Entries taken from a collection
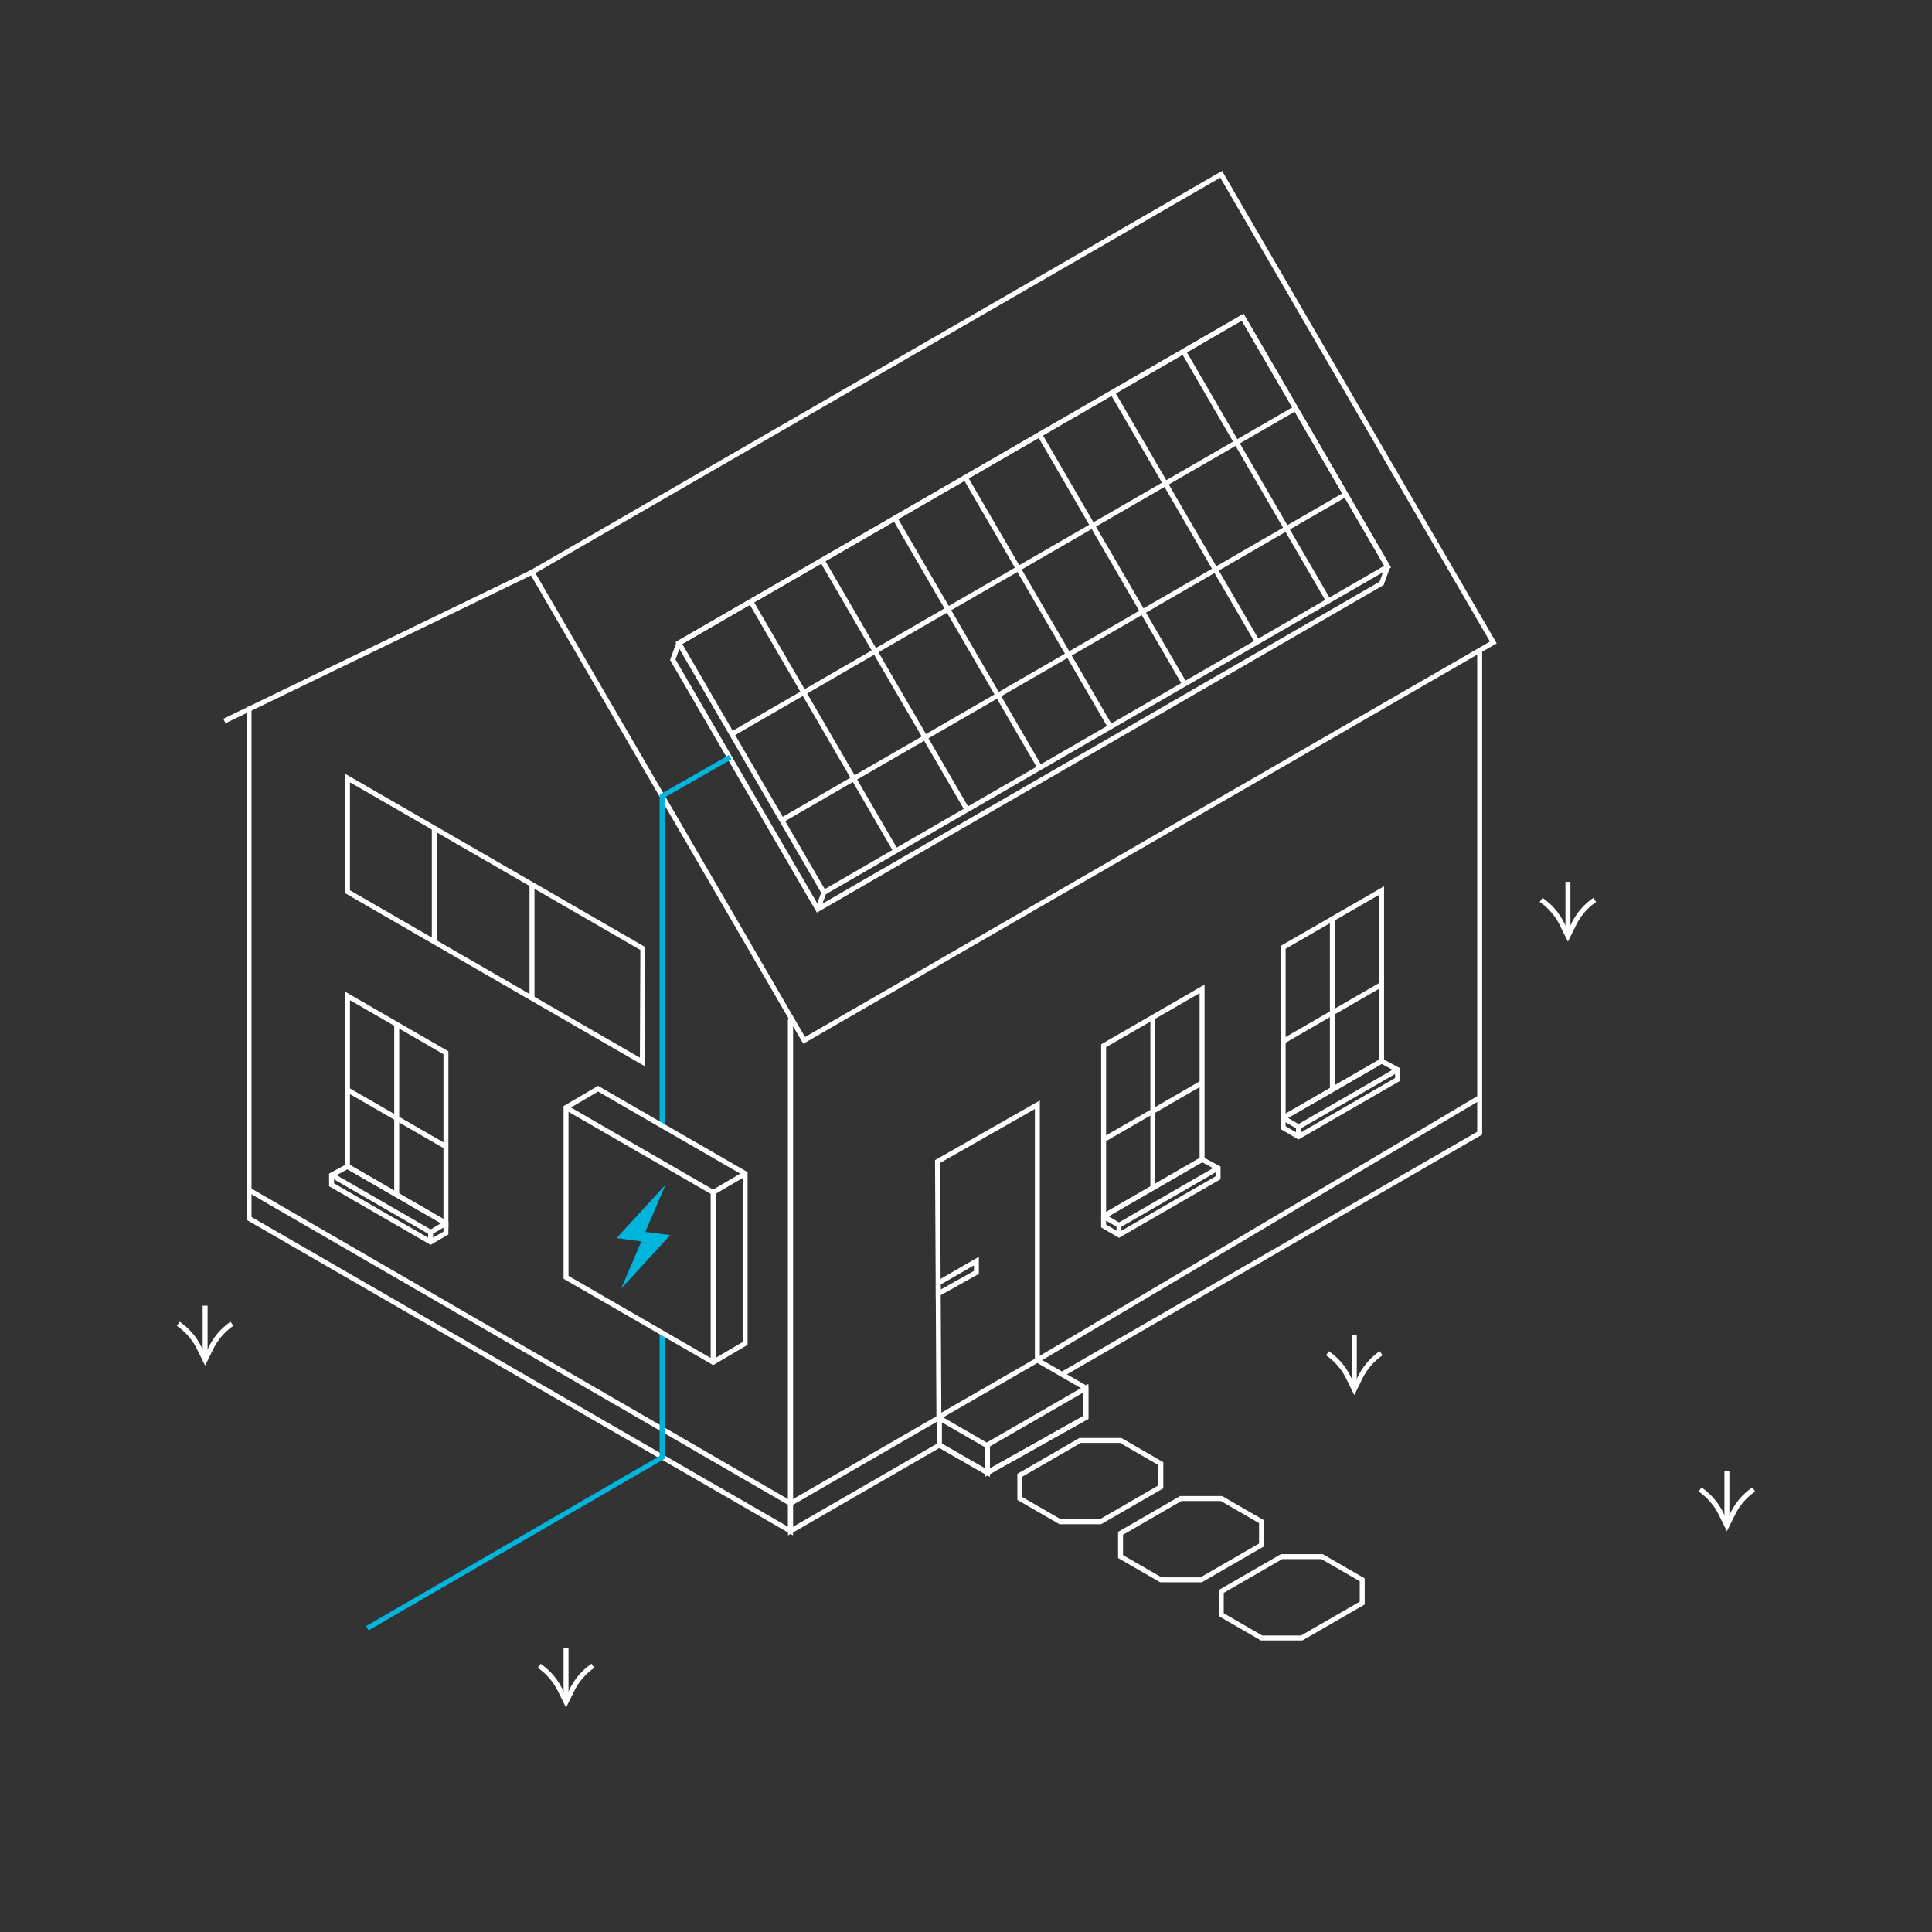 <svg xmlns="http://www.w3.org/2000/svg" xmlns:xlink="http://www.w3.org/1999/xlink" width="289" height="289" viewBox="0 0 289 289">
  <rect x="0" y="0" width="289" height="289" fill="#333333" stroke="none"/>
  <defs>
    <clipPath id="clip-path">
      <rect id="Rechteck_137" data-name="Rechteck 137" width="289" height="289" transform="translate(1152 969)" fill="#fff"/>
    </clipPath>
  </defs>
  <g id="energie-boxed" transform="translate(-1152 -969)" clip-path="url(#clip-path)">
    <g id="Ebene_2" data-name="Ebene 2" transform="translate(1170.636 986.976)">
      <g id="Ebene_1" data-name="Ebene 1" transform="translate(8.033 8.094)">
        <path id="Pfad_337" data-name="Pfad 337" d="M224.534,87.637v72.279l-62.589,36.138" transform="translate(-29.864 -16.482)" fill="none" stroke="#fff" stroke-miterlimit="10" stroke-width="0.741"/>
        <path id="Pfad_338" data-name="Pfad 338" d="M134.63,218.986l-22.277,12.863v-76.53" transform="translate(-20.771 -28.892)" fill="none" stroke="#fff" stroke-miterlimit="10" stroke-width="0.741"/>
        <path id="Pfad_339" data-name="Pfad 339" d="M94.166,144.818v76.53l-81-46.769V98.049" transform="translate(-2.584 -18.391)" fill="none" stroke="#fff" stroke-miterlimit="10" stroke-width="0.741"/>
        <path id="Pfad_340" data-name="Pfad 340" d="M139.59,228.316l7.211,4.163v4.01l-7.177-4.118" transform="translate(-25.765 -42.277)" fill="none" stroke="#fff" stroke-miterlimit="10" stroke-width="0.741"/>
        <path id="Pfad_341" data-name="Pfad 341" d="M148.42,231.356l14.728-8.5v4.373l-14.728,8.261Z" transform="translate(-27.384 -41.275)" fill="none" stroke="#fff" stroke-miterlimit="10" stroke-width="0.741"/>
        <path id="Pfad_342" data-name="Pfad 342" d="M154.277,217.722l7.259,4.19v4.373l-14.728,8.261-7.177-4.118" transform="translate(-25.773 -40.335)" fill="none" stroke="#fff" stroke-miterlimit="10" stroke-width="0.741"/>
        <path id="Pfad_343" data-name="Pfad 343" d="M139.484,217.646l14.728-8.5V170.938l-14.937,8.5Z" transform="translate(-25.707 -31.756)" fill="none" stroke="#fff" stroke-miterlimit="10" stroke-width="0.741"/>
        <line id="Linie_98" data-name="Linie 98" y1="4.204" transform="translate(113.859 185.89)" fill="none" stroke="#fff" stroke-miterlimit="10" stroke-width="0.741"/>
        <path id="Pfad_344" data-name="Pfad 344" d="M145.119,199.573v1.694l-5.705,3.2v-1.6Z" transform="translate(-25.733 -37.007)" fill="none" stroke="#fff" stroke-miterlimit="10" stroke-width="0.741"/>
        <path id="Pfad_345" data-name="Pfad 345" d="M65,60.029l40.709,70.031L208.8,70.537,168.089.505Z" transform="translate(-12.088 -0.505)" fill="none" stroke="#fff" stroke-miterlimit="10" stroke-width="0.741"/>
        <path id="Pfad_346" data-name="Pfad 346" d="M116.443,220.575,94.166,233.436l-81-46.879" transform="translate(-2.584 -34.62)" fill="none" stroke="#fff" stroke-miterlimit="10" stroke-width="0.741"/>
        <line id="Linie_99" data-name="Linie 99" y1="39.271" x2="66.166" transform="translate(128.504 138.116)" fill="none" stroke="#fff" stroke-miterlimit="10" stroke-width="0.741"/>
        <path id="Pfad_347" data-name="Pfad 347" d="M31.2,176.513l14.726,8.5V159.507L31.2,151Z" transform="translate(-5.891 -28.101)" fill="none" stroke="#fff" stroke-miterlimit="10" stroke-width="0.741"/>
        <path id="Pfad_348" data-name="Pfad 348" d="M45.391,190.744V192.2L43.1,193.542l-14.821-8.556v-1.454l2.389-1.29Z" transform="translate(-5.354 -33.829)" fill="none" stroke="#fff" stroke-miterlimit="10" stroke-width="0.741"/>
        <path id="Pfad_349" data-name="Pfad 349" d="M45.391,191.034,43.1,192.378l-14.821-8.558" transform="translate(-5.354 -34.118)" fill="none" stroke="#fff" stroke-miterlimit="10" stroke-width="0.741"/>
        <line id="Linie_100" data-name="Linie 100" y2="1.453" transform="translate(37.743 158.26)" fill="none" stroke="#fff" stroke-miterlimit="10" stroke-width="0.741"/>
        <line id="Linie_101" data-name="Linie 101" y2="25.51" transform="translate(32.674 127.154)" fill="none" stroke="#fff" stroke-miterlimit="10" stroke-width="0.741"/>
        <line id="Linie_102" data-name="Linie 102" x2="14.728" y2="8.503" transform="translate(25.311 136.952)" fill="none" stroke="#fff" stroke-miterlimit="10" stroke-width="0.741"/>
        <path id="Pfad_350" data-name="Pfad 350" d="M184.432,175.23l-14.726,8.5v-25.51l14.726-8.5Z" transform="translate(-31.287 -27.866)" fill="none" stroke="#fff" stroke-miterlimit="10" stroke-width="0.741"/>
        <path id="Pfad_351" data-name="Pfad 351" d="M169.705,189.462v1.453l2.3,1.344,14.82-8.558v-1.454l-2.389-1.29Z" transform="translate(-31.287 -33.593)" fill="none" stroke="#fff" stroke-miterlimit="10" stroke-width="0.741"/>
        <path id="Pfad_352" data-name="Pfad 352" d="M169.705,189.752l2.3,1.343,14.82-8.558" transform="translate(-31.287 -33.883)" fill="none" stroke="#fff" stroke-miterlimit="10" stroke-width="0.741"/>
        <line id="Linie_103" data-name="Linie 103" y2="1.454" transform="translate(140.714 157.212)" fill="none" stroke="#fff" stroke-miterlimit="10" stroke-width="0.741"/>
        <line id="Linie_104" data-name="Linie 104" y2="25.51" transform="translate(145.782 126.106)" fill="none" stroke="#fff" stroke-miterlimit="10" stroke-width="0.741"/>
        <line id="Linie_105" data-name="Linie 105" x1="14.726" y2="8.503" transform="translate(138.418 135.904)" fill="none" stroke="#fff" stroke-miterlimit="10" stroke-width="0.741"/>
        <path id="Pfad_353" data-name="Pfad 353" d="M217.313,157.213l-14.726,8.5v-25.51l14.726-8.5Z" transform="translate(-37.316 -24.562)" fill="none" stroke="#fff" stroke-miterlimit="10" stroke-width="0.741"/>
        <path id="Pfad_354" data-name="Pfad 354" d="M202.587,171.444V172.9l2.3,1.344,14.82-8.558v-1.453l-2.389-1.29Z" transform="translate(-37.316 -30.29)" fill="none" stroke="#fff" stroke-miterlimit="10" stroke-width="0.741"/>
        <path id="Pfad_355" data-name="Pfad 355" d="M202.587,171.734l2.3,1.343,14.82-8.556" transform="translate(-37.316 -30.579)" fill="none" stroke="#fff" stroke-miterlimit="10" stroke-width="0.741"/>
        <line id="Linie_106" data-name="Linie 106" y2="1.454" transform="translate(167.566 142.498)" fill="none" stroke="#fff" stroke-miterlimit="10" stroke-width="0.741"/>
        <line id="Linie_107" data-name="Linie 107" y2="25.509" transform="translate(172.634 111.393)" fill="none" stroke="#fff" stroke-miterlimit="10" stroke-width="0.741"/>
        <line id="Linie_108" data-name="Linie 108" x1="14.726" y2="8.504" transform="translate(165.271 121.19)" fill="none" stroke="#fff" stroke-miterlimit="10" stroke-width="0.741"/>
        <line id="Linie_109" data-name="Linie 109" x1="46.01" y2="22.26" transform="translate(6.902 59.524)" fill="none" stroke="#fff" stroke-miterlimit="10" stroke-width="0.741"/>
        <path id="Pfad_356" data-name="Pfad 356" d="M75.309,153.566,31.2,128.1V111.092L75.382,136.6Z" transform="translate(-5.891 -20.783)" fill="none" stroke="#fff" stroke-miterlimit="10" stroke-width="0.741"/>
        <line id="Linie_110" data-name="Linie 110" y2="17.006" transform="translate(38.297 97.625)" fill="none" stroke="#fff" stroke-miterlimit="10" stroke-width="0.741"/>
        <line id="Linie_111" data-name="Linie 111" y2="17.007" transform="translate(52.912 106.128)" fill="none" stroke="#fff" stroke-miterlimit="10" stroke-width="0.741"/>
        <path id="Pfad_357" data-name="Pfad 357" d="M91.9,75.428l21.69,37.315L197.926,64l-21.69-37.313Z" transform="translate(-17.02 -5.306)" fill="none" stroke="#fff" stroke-miterlimit="10" stroke-width="0.741"/>
        <path id="Pfad_358" data-name="Pfad 358" d="M197.722,64l-.909,2.5-84.339,48.741L90.784,77.923l.908-2.5,84.34-48.74Z" transform="translate(-16.816 -5.306)" fill="none" stroke="#fff" stroke-miterlimit="10" stroke-width="0.741"/>
        <line id="Linie_112" data-name="Linie 112" x2="21.69" y2="37.315" transform="translate(85.722 64.048)" fill="none" stroke="#fff" stroke-miterlimit="10" stroke-width="0.741"/>
        <line id="Linie_113" data-name="Linie 113" x2="21.69" y2="37.315" transform="translate(96.271 57.679)" fill="none" stroke="#fff" stroke-miterlimit="10" stroke-width="0.741"/>
        <line id="Linie_114" data-name="Linie 114" x2="21.69" y2="37.313" transform="translate(107.115 51.31)" fill="none" stroke="#fff" stroke-miterlimit="10" stroke-width="0.741"/>
        <line id="Linie_115" data-name="Linie 115" x2="21.69" y2="37.313" transform="translate(117.665 45.237)" fill="none" stroke="#fff" stroke-miterlimit="10" stroke-width="0.741"/>
        <line id="Linie_116" data-name="Linie 116" x2="21.69" y2="37.315" transform="translate(128.806 38.867)" fill="none" stroke="#fff" stroke-miterlimit="10" stroke-width="0.741"/>
        <line id="Linie_117" data-name="Linie 117" x2="21.69" y2="37.315" transform="translate(139.651 32.497)" fill="none" stroke="#fff" stroke-miterlimit="10" stroke-width="0.741"/>
        <line id="Linie_118" data-name="Linie 118" x2="21.69" y2="37.313" transform="translate(150.496 26.72)" fill="none" stroke="#fff" stroke-miterlimit="10" stroke-width="0.741"/>
        <line id="Linie_119" data-name="Linie 119" y1="48.74" x2="84.339" transform="translate(82.549 35.153)" fill="none" stroke="#fff" stroke-miterlimit="10" stroke-width="0.741"/>
        <line id="Linie_120" data-name="Linie 120" y1="48.74" x2="84.339" transform="translate(90.516 47.743)" fill="none" stroke="#fff" stroke-miterlimit="10" stroke-width="0.741"/>
        <line id="Linie_121" data-name="Linie 121" x1="0.908" y2="2.495" transform="translate(95.659 107.436)" fill="none" stroke="#fff" stroke-miterlimit="10" stroke-width="0.741"/>
        <path id="Pfad_359" data-name="Pfad 359" d="M78.929,212.719v18.625L34.84,256.907" transform="translate(-6.558 -39.417)" fill="none" stroke="#00b4dc" stroke-miterlimit="10" stroke-width="0.741"/>
        <path id="Pfad_360" data-name="Pfad 360" d="M88.828,162.4V113.093l10.178-5.811" transform="translate(-16.457 -20.084)" fill="none" stroke="#00b4dc" stroke-miterlimit="10" stroke-width="0.741"/>
        <path id="Pfad_361" data-name="Pfad 361" d="M87.817,185.582l-7.34,7.995,3.717.482-3.018,7.061,7.34-7.995-3.727-.483Z" transform="translate(-14.926 -34.441)" fill="#00b4dc"/>
        <path id="Pfad_362" data-name="Pfad 362" d="M76.021,168l-4.787,2.812v25.409l22,12.7,4.787-2.811v-25.41Z" transform="translate(-13.231 -31.218)" fill="none" stroke="#fff" stroke-miterlimit="10" stroke-width="0.741"/>
        <path id="Pfad_363" data-name="Pfad 363" d="M93.238,209.56V184.151l-22-12.7" transform="translate(-13.231 -31.849)" fill="none" stroke="#fff" stroke-miterlimit="10" stroke-width="0.741"/>
        <line id="Linie_122" data-name="Linie 122" y1="2.812" x2="4.787" transform="translate(80.007 149.489)" fill="none" stroke="#fff" stroke-miterlimit="10" stroke-width="0.741"/>
        <path id="Pfad_364" data-name="Pfad 364" d="M163.375,232.431l-9.016,5.206v3.479l6.026,3.479h6.026l9.038-5.219V235.9l-6-3.466Z" transform="translate(-28.473 -43.032)" fill="none" stroke="#fff" stroke-miterlimit="10" stroke-width="0.741"/>
        <path id="Pfad_365" data-name="Pfad 365" d="M181.821,243.066l-9.016,5.206v3.479l6.026,3.479h6.026l9.038-5.218v-3.48l-6-3.466Z" transform="translate(-31.855 -44.982)" fill="none" stroke="#fff" stroke-miterlimit="10" stroke-width="0.741"/>
        <path id="Pfad_366" data-name="Pfad 366" d="M200.268,253.716l-9.016,5.206V262.4l6.026,3.48H203.3l9.038-5.219v-3.48l-6-3.466Z" transform="translate(-35.238 -46.935)" fill="none" stroke="#fff" stroke-miterlimit="10" stroke-width="0.741"/>
        <path id="Pfad_367" data-name="Pfad 367" d="M278.96,241.409h0a9.5,9.5,0,0,1,3.165,3.7l.847,1.716.847-1.716a9.5,9.5,0,0,1,3.165-3.7h0" transform="translate(-51.32 -44.678)" fill="none" stroke="#fff" stroke-miterlimit="10" stroke-width="0.741"/>
        <line id="Linie_123" data-name="Linie 123" y1="8.119" transform="translate(231.653 194.024)" fill="none" stroke="#fff" stroke-miterlimit="10" stroke-width="0.741"/>
        <path id="Pfad_368" data-name="Pfad 368" d="M249.837,133.416h0a9.518,9.518,0,0,1,3.167,3.7l.847,1.716.847-1.716a9.506,9.506,0,0,1,3.166-3.7h0" transform="translate(-45.98 -24.876)" fill="none" stroke="#fff" stroke-miterlimit="10" stroke-width="0.741"/>
        <line id="Linie_124" data-name="Linie 124" y1="8.119" transform="translate(207.872 105.834)" fill="none" stroke="#fff" stroke-miterlimit="10" stroke-width="0.741"/>
        <path id="Pfad_369" data-name="Pfad 369" d="M.207,211.063h0a9.513,9.513,0,0,1,3.166,3.7l.847,1.716.847-1.716a9.512,9.512,0,0,1,3.166-3.7h0" transform="translate(-0.207 -39.114)" fill="none" stroke="#fff" stroke-miterlimit="10" stroke-width="0.741"/>
        <line id="Linie_125" data-name="Linie 125" y1="8.119" transform="translate(4.014 169.242)" fill="none" stroke="#fff" stroke-miterlimit="10" stroke-width="0.741"/>
        <path id="Pfad_370" data-name="Pfad 370" d="M66.319,273.717h0a9.5,9.5,0,0,1,3.166,3.7l.847,1.717.847-1.717a9.515,9.515,0,0,1,3.167-3.7h0" transform="translate(-12.33 -50.602)" fill="none" stroke="#fff" stroke-miterlimit="10" stroke-width="0.741"/>
        <line id="Linie_126" data-name="Linie 126" y1="8.121" transform="translate(58.003 220.408)" fill="none" stroke="#fff" stroke-miterlimit="10" stroke-width="0.741"/>
        <path id="Pfad_371" data-name="Pfad 371" d="M210.706,216.461h0a9.5,9.5,0,0,1,3.166,3.7l.847,1.717.847-1.717a9.514,9.514,0,0,1,3.167-3.7h0" transform="translate(-38.805 -40.103)" fill="none" stroke="#fff" stroke-miterlimit="10" stroke-width="0.741"/>
        <line id="Linie_127" data-name="Linie 127" y1="8.121" transform="translate(175.916 173.65)" fill="none" stroke="#fff" stroke-miterlimit="10" stroke-width="0.741"/>
      </g>
    </g>
  </g>
</svg>

:: Problem description ::
Answer with a number only: how many lines above include the word "Ebene"?

:: Solution for this task ::
2